■ TASK DESCRIPTION ■
Every line below containing the word "linearGradient" should be found and copied.

Collected data
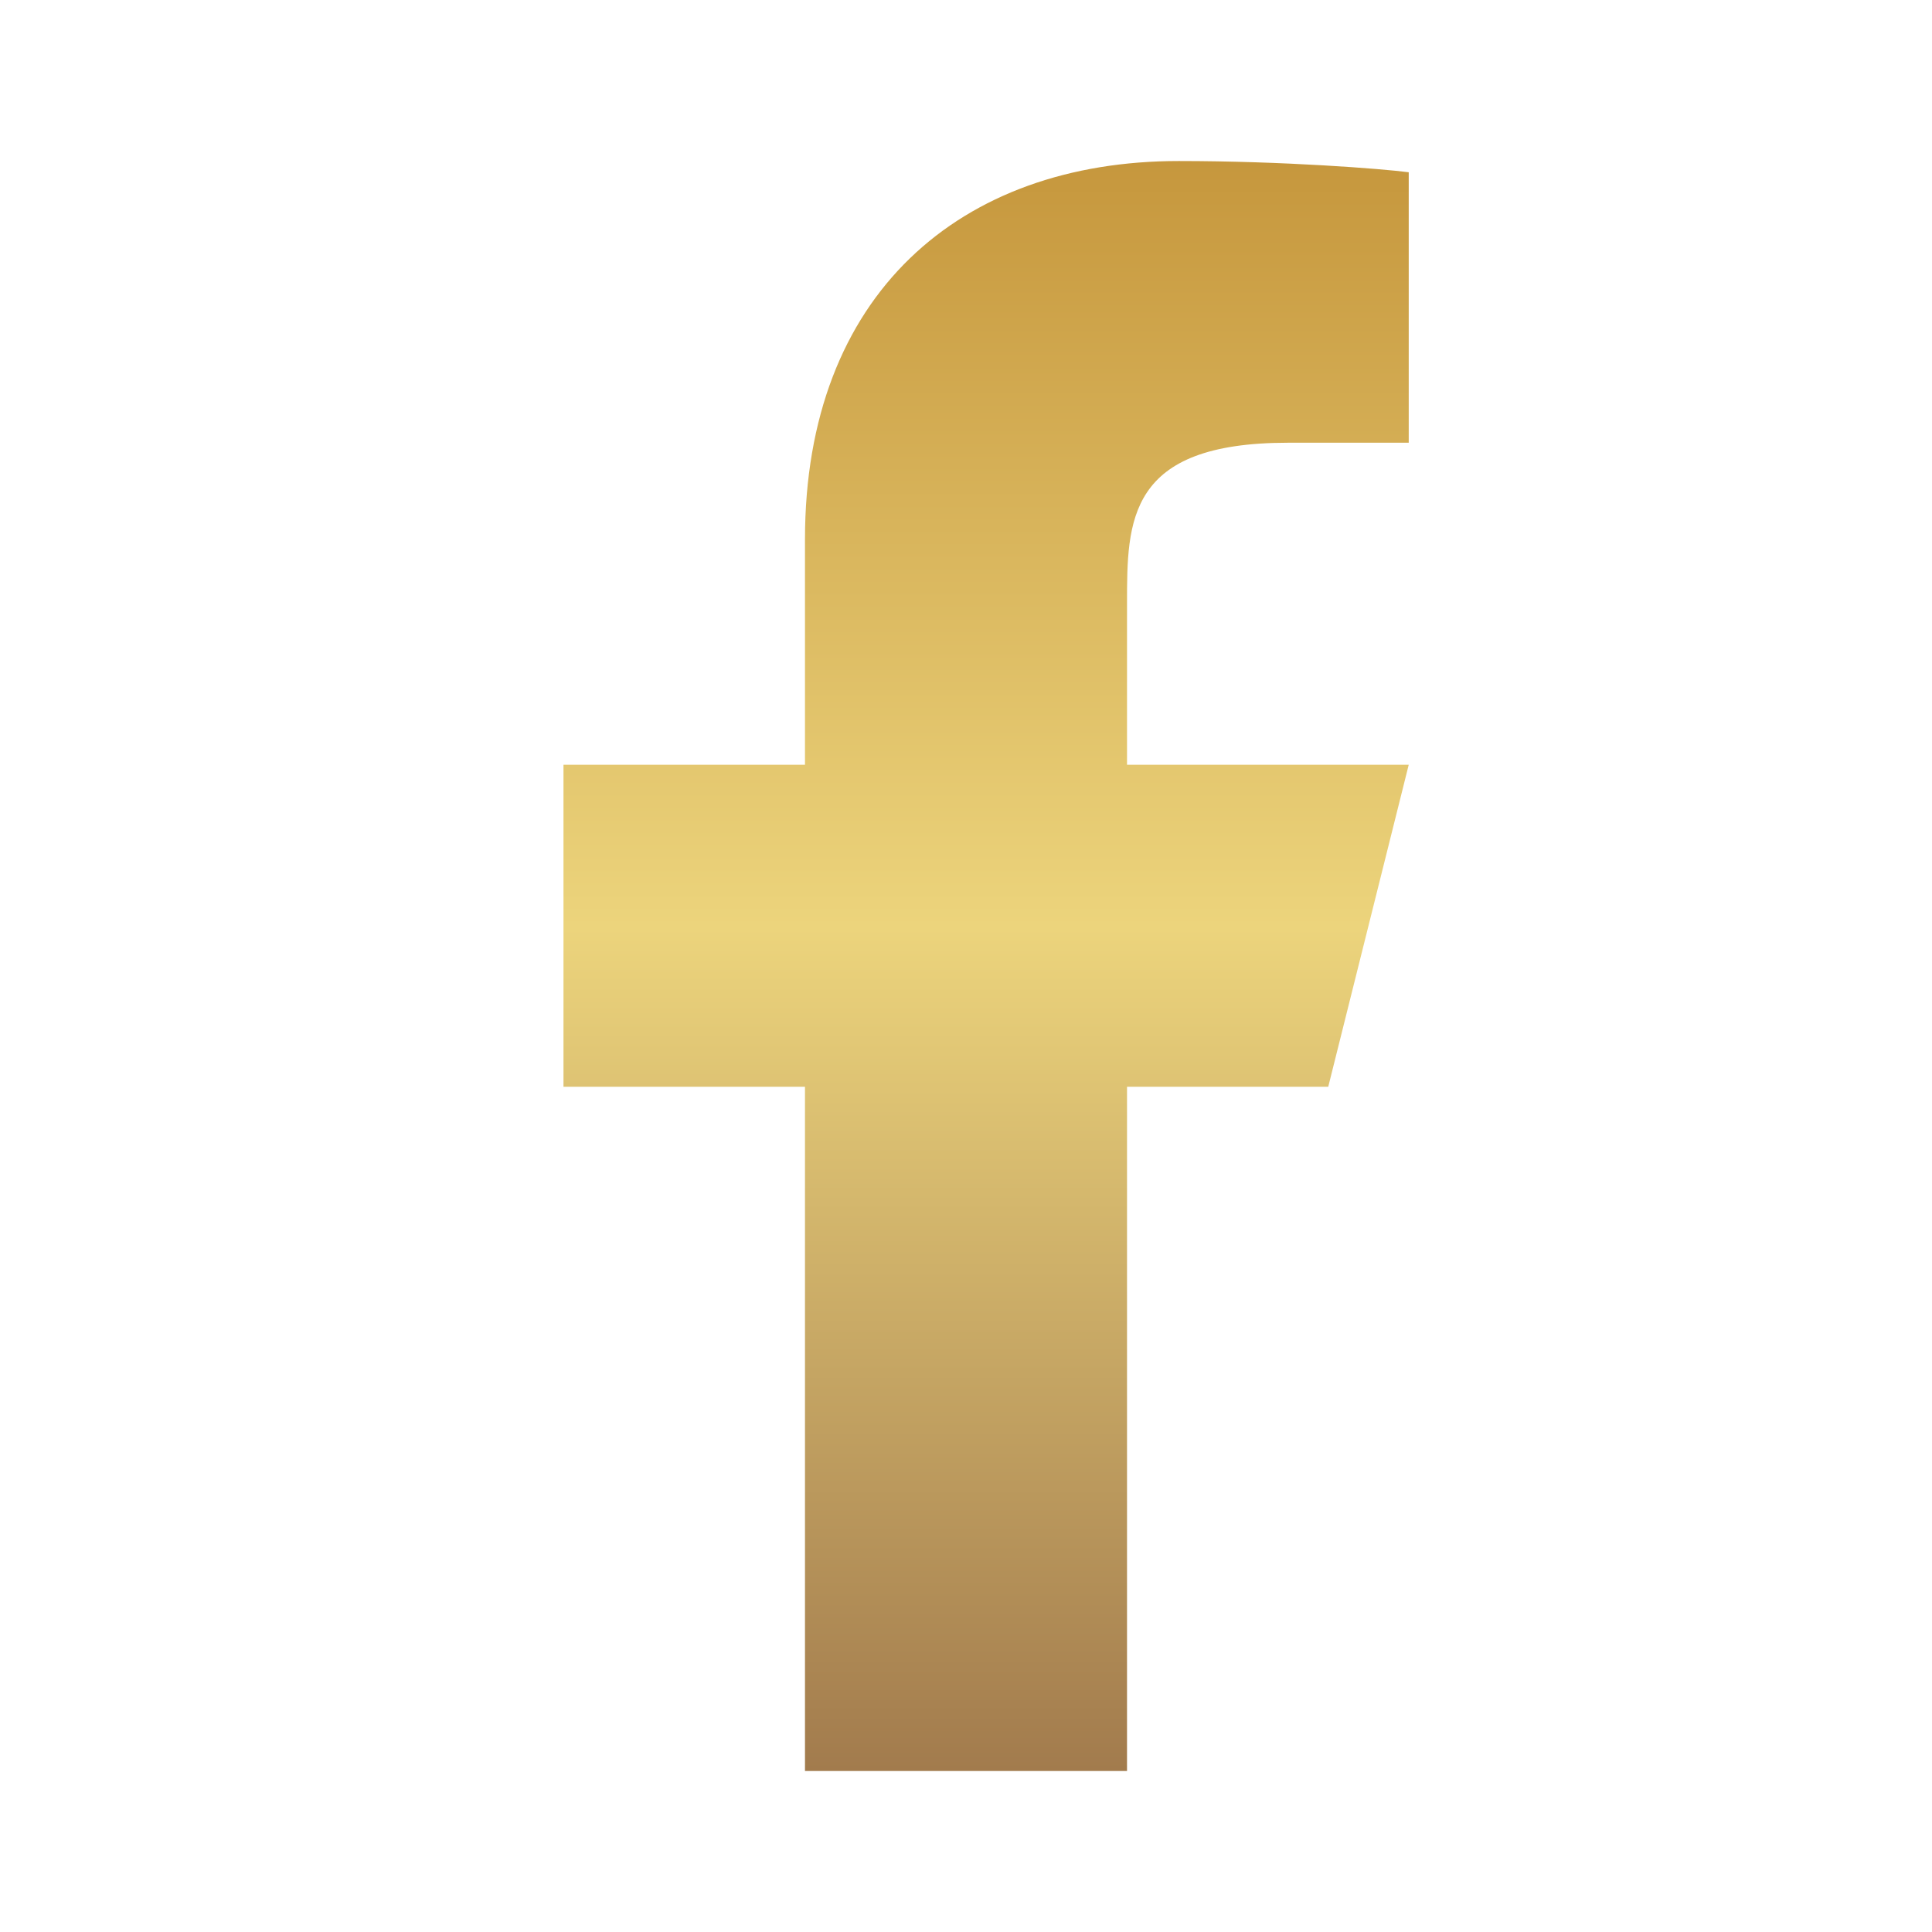 <svg width="32" height="32" viewBox="0 0 32 32" fill="none" xmlns="http://www.w3.org/2000/svg">
<path d="M18.667 18H22L23.333 12.667H18.667V10C18.667 8.627 18.667 7.333 21.333 7.333H23.333V2.853C22.899 2.796 21.257 2.667 19.524 2.667C15.904 2.667 13.333 4.876 13.333 8.933V12.667H9.333V18H13.333V29.333H18.667V18Z" fill="url(#paint0_linear_79_15)"/>
<defs>
<linearGradient id="paint0_linear_79_15" x1="16.333" y1="2.667" x2="16.333" y2="29.333" gradientUnits="userSpaceOnUse">
<stop stop-color="#C6973D"/>
<stop offset="0.476" stop-color="#ECD47C"/>
<stop offset="1" stop-color="#A27B4D"/>
</linearGradient>
</defs>
</svg>

■ TASK SOLUTION ■
<linearGradient id="paint0_linear_79_15" x1="16.333" y1="2.667" x2="16.333" y2="29.333" gradientUnits="userSpaceOnUse">
</linearGradient>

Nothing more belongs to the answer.